Overview

IBM® DataPower® Gateway serves as the enterprise-grade, field-proven, security-rich API gateway. The DataPower Gateway is available in physical, virtual, cloud, Linux®, and Docker form factors.

The DataPower Gateway is a single multichannel gateway that helps provide security, control, integration, and optimized access. These capabilities apply to a full range of mobile, web, application programming interface (API), service-oriented architecture (SOA), B2B, and cloud workloads. The capabilities help you to rapidly expand the scope of valuable IT assets to new channels that gives customers, employees, and partners access to critical resources.

Attention: In the next LTS, you will not be able to access the WebGUI even if you modify the browser URL. Access to the WebGUI in this manner will remain in the future 10.6.0 fix packs.

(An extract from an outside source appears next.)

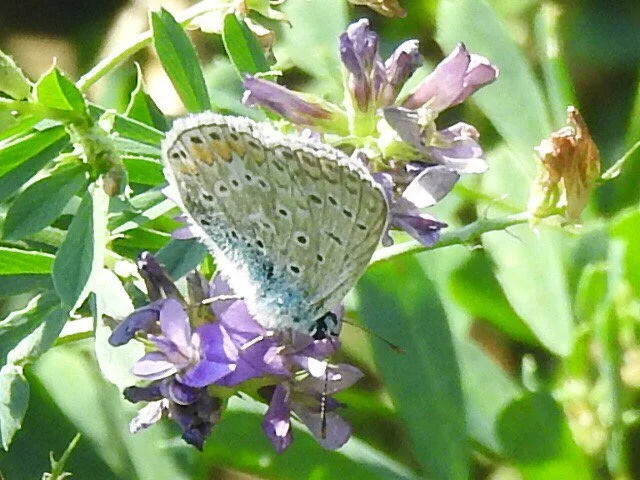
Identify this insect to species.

Host keys and establishing an SSH session

10.6.0.4 - The DataPower SSH server now supports ECDSA and ED25519 SSH host keys. After you upgrade, ECDSA and ED25519 keys are generated. After the upgrade, The SSH handshake chooses one of these stronger algorithms over RSA. As a result, you might see a receive a warning about the change to the host identification, which is expected due to the key update. For more information, see Connection after host keys changed.

Updated component firmware on HSM-equipped appliances to 2.09-0702

10.6.0.2 - For HSM-equipped appliances with component firmware 2.09-0702 and later, the following restrictions apply.
  • The key transport algorithm must be rsa-oaep-mgf1p or rsa-oaep.
  • OAEP parameters are unsupported.
  • The OAEP digest algorithm cannot be md5 and ripemd160.
  • For the rsa-oaep key transport algorithm, the OAEP digest algorithm and the MGF algorithm must match.
For HSM-equipped appliances with component firmware 2.04-49 and earlier, the key transport algorithm must be rsa-1_5.

Library upgrade to support TLS

10.6.0.0 includes an updated library to support TLS and cryptographic operations. The updated crypto library improves security and usability, but the added complexity of this implementation comes with a performance cost. This update is needed to maintain the proper security posture, which includes CVE updates.

Compatibility with API Connect

To determine whether your DataPower firmware version is compatible with API Connect, Use the Software Product Compatibility Reports (SPCR) website to generate a requirements report appropriate for your API Connect version and environment.

To generate an API Connect requirements report, complete the following steps.
  1. Open the Detailed system requirements for a specific product page on the SPCR website.
  2. Enter api connect as the product.
  3. In the search results list, select IBM API Connect.
  4. From the Version list, select your version.
  5. Click Detailed system requirements to generate the requirements report.